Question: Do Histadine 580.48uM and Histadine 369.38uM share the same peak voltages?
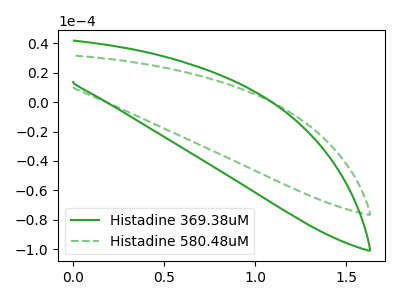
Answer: <think>The green curve "Histadine 369.38uM" has no peaks. The green dashed curve "Histadine 580.48uM" has no peaks.</think>
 <answer>Niether CV has any peaks.</answer>
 <eval>blanks</eval>
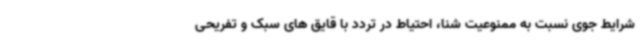
شرایط جوی نسبت به ممنوعیت شنا، احتیاط در تردد با قایق های سبک و تفریحی
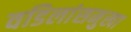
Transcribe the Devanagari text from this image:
वडिलांसमुखा
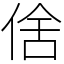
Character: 倽
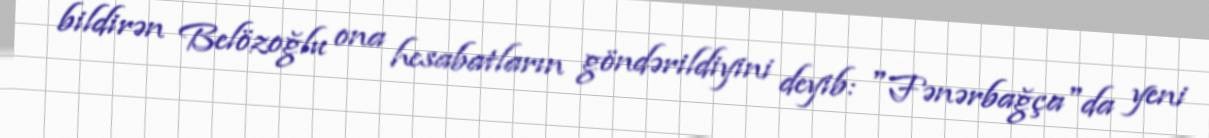
bildirən Belözoğlu ona hesabatların göndərildiyini deyib: "Fənərbağça"da yeni
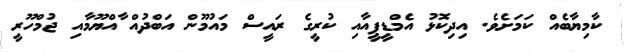
ކާމިޔާބެއް ކަމަށެވެ. އިދިކޮޅު އެމްޑީޕީއާއި ކުރީގެ ރައީސް މައުމޫން އަބްދުއް ާއްޔޫމާއި ޖުމްހޫރީ
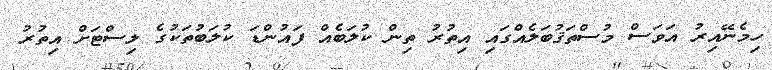
ހިމެނޭއިރު އަވަސް މުސްތަޤުބަލެއްގައި އިތުރު ތިން ކުލަބެއް ފައުންޑަ ކުލަބުތަކުގެ ލިސްޓަށް އިތުރު
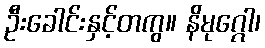
ဦးခေါင်းနှင့်တကွ။ နိမုဂ္ဂေါ၊
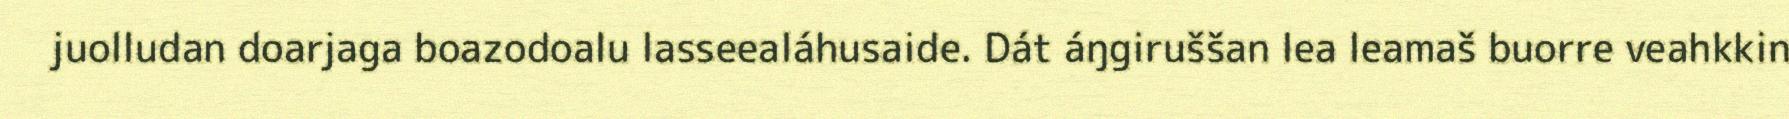
juolludan doarjaga boazodoalu lasseealáhusaide. Dát áŋgiruššan lea leamaš buorre veahkkin
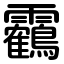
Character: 靏
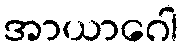
အာယာဂေါ
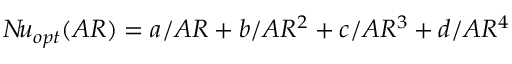
N \! u _ { o p t } ( A R ) = a / A R + b / A R ^ { 2 } + c / A R ^ { 3 } + d / A R ^ { 4 }
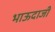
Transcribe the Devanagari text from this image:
भाऊदाजी
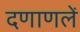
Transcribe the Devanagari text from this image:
दणाणलें
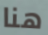
هنا
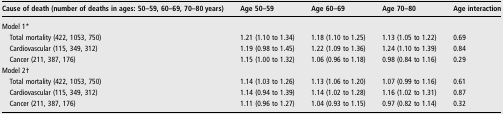
<table><thead><tr><td><b>Cause of death (number of deaths in ages: 50–59, 60–69, 70–80 years)</b></td><td><b>Age 50–59</b></td><td><b>Age 60–69</b></td><td><b>Age 70–80</b></td><td><b>Age interaction</b></td></tr></thead><tbody><tr><td colspan="5">Model 1*</td></tr><tr><td> Total mortality (422, 1053, 750)</td><td>1.21 (1.10 to 1.34)</td><td>1.18 (1.10 to 1.25)</td><td>1.13 (1.05 to 1.22)</td><td>0.69</td></tr><tr><td> Cardiovascular (115, 349, 312)</td><td>1.19 (0.98 to 1.45)</td><td>1.22 (1.09 to 1.36)</td><td>1.24 (1.10 to 1.39)</td><td>0.84</td></tr><tr><td> Cancer (211, 387, 176)</td><td>1.15 (1.00 to 1.32)</td><td>1.06 (0.96 to 1.18)</td><td>0.98 (0.84 to 1.16)</td><td>0.29</td></tr><tr><td colspan="5">Model 2†</td></tr><tr><td> Total mortality (422, 1053, 750)</td><td>1.14 (1.03 to 1.26)</td><td>1.13 (1.06 to 1.20)</td><td>1.07 (0.99 to 1.16)</td><td>0.61</td></tr><tr><td> Cardiovascular (115, 349, 312)</td><td>1.14 (0.94 to 1.39)</td><td>1.14 (1.02 to 1.28)</td><td>1.16 (1.02 to 1.31)</td><td>0.87</td></tr><tr><td> Cancer (211, 387, 176)</td><td>1.11 (0.96 to 1.27)</td><td>1.04 (0.93 to 1.15)</td><td>0.97 (0.82 to 1.14)</td><td>0.32</td></tr></tbody></table>
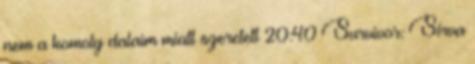
nem a komoly dalaim miatt szeretett 20:40 Survivor: Sírva
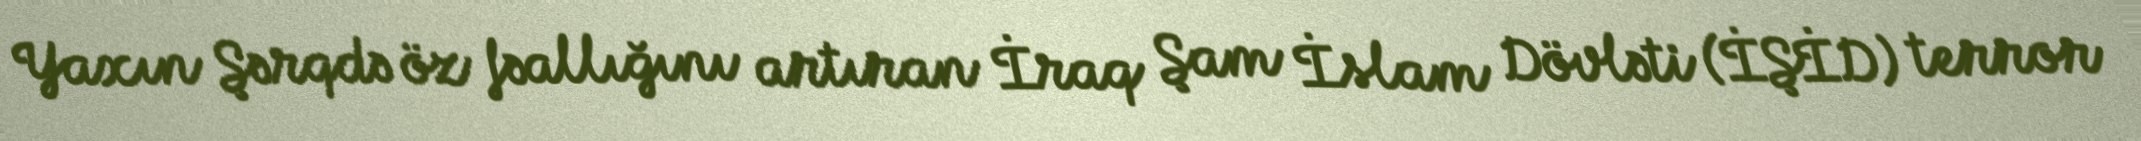
Yaxın Şərqdə öz fəallığını artıran İraq Şam İslam Dövləti (İŞİD) terror
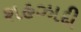
શહઝાદી
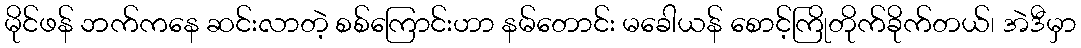
မိုင်ဖန် ဘက်ကနေ ဆင်းလာတဲ့ စစ်ကြောင်းဟာ နမ်တောင်း မခေါယန် စောင့်ကြိုတိုက်ခိုက်တယ်၊ အဲဒီမှာ
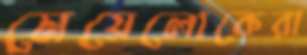
মেয়েলোকেরা
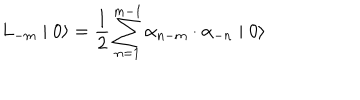
LaTeX: L _ { - m } \mid 0 \rangle = \frac { 1 } { 2 } \sum _ { n = 1 } ^ { m - 1 } { \alpha } _ { n - m } \cdot { \alpha } _ { - n } \mid 0 \rangle
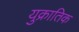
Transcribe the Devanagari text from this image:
युक्रातिक
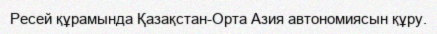
Ресей құрамында Қазақстан-Орта Азия автономиясын құру.
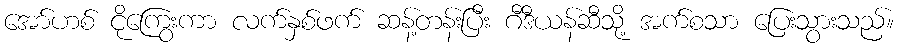
အော်ဟစ် ငိုကြွေးကာ လက်နှစ်ဖက် ဆန့်တန်းပြီး ဂီဒီယန်ဆီသို့ အက်စသာ ပြေးသွားသည်။
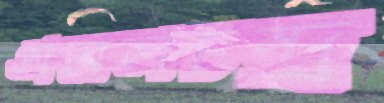
অমলচন্দ্র
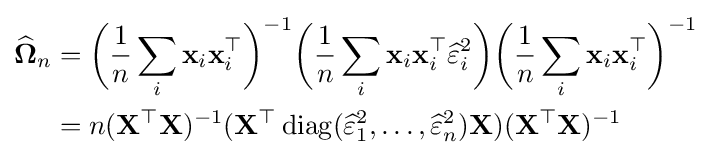
{\begin{aligned}{\widehat {\mathbf {\Omega } }}_{n}&={\bigg (}{\frac {1}{n}}\sum _{i}\mathbf {x} _{i}\mathbf {x} _{i}^{\top }{\bigg )}^{-1}{\bigg (}{\frac {1}{n}}\sum _{i}\mathbf {x} _{i}\mathbf {x} _{i}^{\top }{\widehat {\varepsilon }}_{i}^{2}{\bigg )}{\bigg (}{\frac {1}{n}}\sum _{i}\mathbf {x} _{i}\mathbf {x} _{i}^{\top }{\bigg )}^{-1}\\&=n(\mathbf {X} ^{\top }\mathbf {X} )^{-1}(\mathbf {X} ^{\top }\operatorname {diag} ({\widehat {\varepsilon }}_{1}^{2},\ldots ,{\widehat {\varepsilon }}_{n}^{2})\mathbf {X} )(\mathbf {X} ^{\top }\mathbf {X} )^{-1}\end{aligned}}
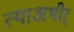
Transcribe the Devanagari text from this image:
त्याअथीर्
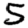
Digit: 5
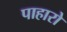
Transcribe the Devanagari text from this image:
पाहारो
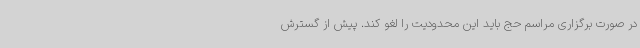
در صورت برگزاری مراسم حج باید این محدودیت را لغو کند. پیش از گسترش
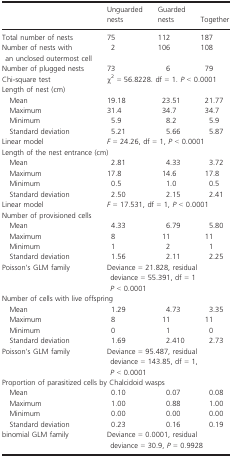
<table><thead><tr><td></td><td><b>Unguarded nests</b></td><td><b>Guarded nests</b></td><td><b>Together</b></td></tr></thead><tbody><tr><td>Total number of nests</td><td>75</td><td>112</td><td>187</td></tr><tr><td>Number of nests with an unclosed outermost cell</td><td>2</td><td>106</td><td>108</td></tr><tr><td>Number of plugged nests</td><td>73</td><td>6</td><td>79</td></tr><tr><td>Chi‐square test</td><td colspan="3">χ<sup>2</sup> = 56.8228. df = 1. <i>P</i> &lt; 0.0001</td></tr><tr><td colspan="4">Length of nest (cm)</td></tr><tr><td>Mean</td><td>19.18</td><td>23.51</td><td>21.77</td></tr><tr><td>Maximum</td><td>31.4</td><td>34.7</td><td>34.7</td></tr><tr><td>Minimum</td><td>5.9</td><td>8.2</td><td>5.9</td></tr><tr><td>Standard deviation</td><td>5.21</td><td>5.66</td><td>5.87</td></tr><tr><td>Linear model</td><td colspan="3"><i>F</i> = 24.26, df = 1, <i>P</i> &lt; 0.0001</td></tr><tr><td colspan="4">Length of the nest entrance (cm)</td></tr><tr><td>Mean</td><td>2.81</td><td>4.33</td><td>3.72</td></tr><tr><td>Maximum</td><td>17.8</td><td>14.6</td><td>17.8</td></tr><tr><td>Minimum</td><td>0.5</td><td>1.0</td><td>0.5</td></tr><tr><td>Standard deviation</td><td>2.50</td><td>2.15</td><td>2.41</td></tr><tr><td>Linear model</td><td colspan="3"><i>F</i> = 17.531, df = 1, <i>P</i> &lt; 0.0001</td></tr><tr><td colspan="4">Number of provisioned cells</td></tr><tr><td>Mean</td><td>4.33</td><td>6.79</td><td>5.80</td></tr><tr><td>Maximum</td><td>8</td><td>11</td><td>11</td></tr><tr><td>Minimum</td><td>1</td><td>2</td><td>1</td></tr><tr><td>Standard deviation</td><td>1.56</td><td>2.11</td><td>2.25</td></tr><tr><td>Poisson&#x27;s GLM family</td><td colspan="3">Deviance = 21.828, residual deviance = 55.391, df = 1 <i>P</i> &lt; 0.0001</td></tr><tr><td colspan="4">Number of cells with live offspring</td></tr><tr><td>Mean</td><td>1.29</td><td>4.73</td><td>3.35</td></tr><tr><td>Maximum</td><td>8</td><td>11</td><td>11</td></tr><tr><td>Minimum</td><td>0</td><td>1</td><td>0</td></tr><tr><td>Standard deviation</td><td>1.69</td><td>2.410</td><td>2.73</td></tr><tr><td>Poisson&#x27;s GLM family</td><td colspan="3">Deviance = 95.487, residual deviance = 143.85, df = 1, <i>P</i> &lt; 0.0001</td></tr><tr><td colspan="4">Proportion of parasitized cells by Chalcidoid wasps</td></tr><tr><td>Mean</td><td>0.10</td><td>0.07</td><td>0.08</td></tr><tr><td>Maximum</td><td>1.00</td><td>0.88</td><td>1.00</td></tr><tr><td>Minimum</td><td>0.00</td><td>0.00</td><td>0.00</td></tr><tr><td>Standard deviation</td><td>0.23</td><td>0.16</td><td>0.19</td></tr><tr><td>binomial GLM family</td><td colspan="3">Deviance = 0.0001, residual deviance = 30.9, <i>P</i> = 0.9928</td></tr></tbody></table>
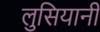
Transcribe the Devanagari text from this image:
लुसियानी
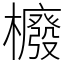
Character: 櫠
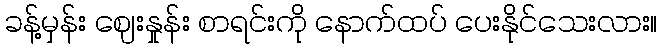
ခန့်မှန်း ဈေးနှုန်း စာရင်းကို နောက်ထပ် ပေးနိုင်သေးလား။
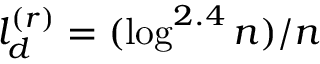
l _ { d } ^ { ( r ) } = ( \log ^ { 2 . 4 } n ) / n
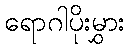
ရောဂါပိုးမွှား
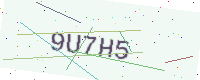
Text: 9U7H5
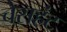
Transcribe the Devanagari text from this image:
चेसहंट
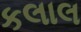
કલાલ
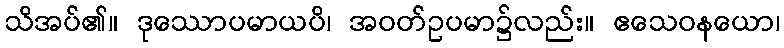
သိအပ်၏။ ဒုဿောပမာယပိ၊ အဝတ်ဥပမာ၌လည်း။ ဧသေဝနယော၊
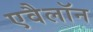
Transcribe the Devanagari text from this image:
एवैलॉन
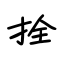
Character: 拴
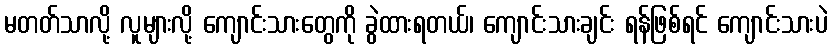
မတတ်သာလို့ လူများလို့ ကျောင်းသားတွေကို ခွဲထားရတယ်၊ ကျောင်းသားချင်း ရန်ဖြစ်ရင် ကျောင်းသားပဲ
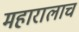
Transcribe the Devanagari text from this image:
महारालाच

-- TASK TO CARRY OUT --
The word "frac" may appear in several lines of the data; copy every line where it does.

-- ANSWER SECTION --
LaTeX: L _ { - m } \mid 0 \rangle = \frac { 1 } { 2 } \sum _ { n = 1 } ^ { m - 1 } { \alpha } _ { n - m } \cdot { \alpha } _ { - n } \mid 0 \rangle
{\begin{aligned}{\widehat {\mathbf {\Omega } }}_{n}&={\bigg (}{\frac {1}{n}}\sum _{i}\mathbf {x} _{i}\mathbf {x} _{i}^{\top }{\bigg )}^{-1}{\bigg (}{\frac {1}{n}}\sum _{i}\mathbf {x} _{i}\mathbf {x} _{i}^{\top }{\widehat {\varepsilon }}_{i}^{2}{\bigg )}{\bigg (}{\frac {1}{n}}\sum _{i}\mathbf {x} _{i}\mathbf {x} _{i}^{\top }{\bigg )}^{-1}\\&=n(\mathbf {X} ^{\top }\mathbf {X} )^{-1}(\mathbf {X} ^{\top }\operatorname {diag} ({\widehat {\varepsilon }}_{1}^{2},\ldots ,{\widehat {\varepsilon }}_{n}^{2})\mathbf {X} )(\mathbf {X} ^{\top }\mathbf {X} )^{-1}\end{aligned}}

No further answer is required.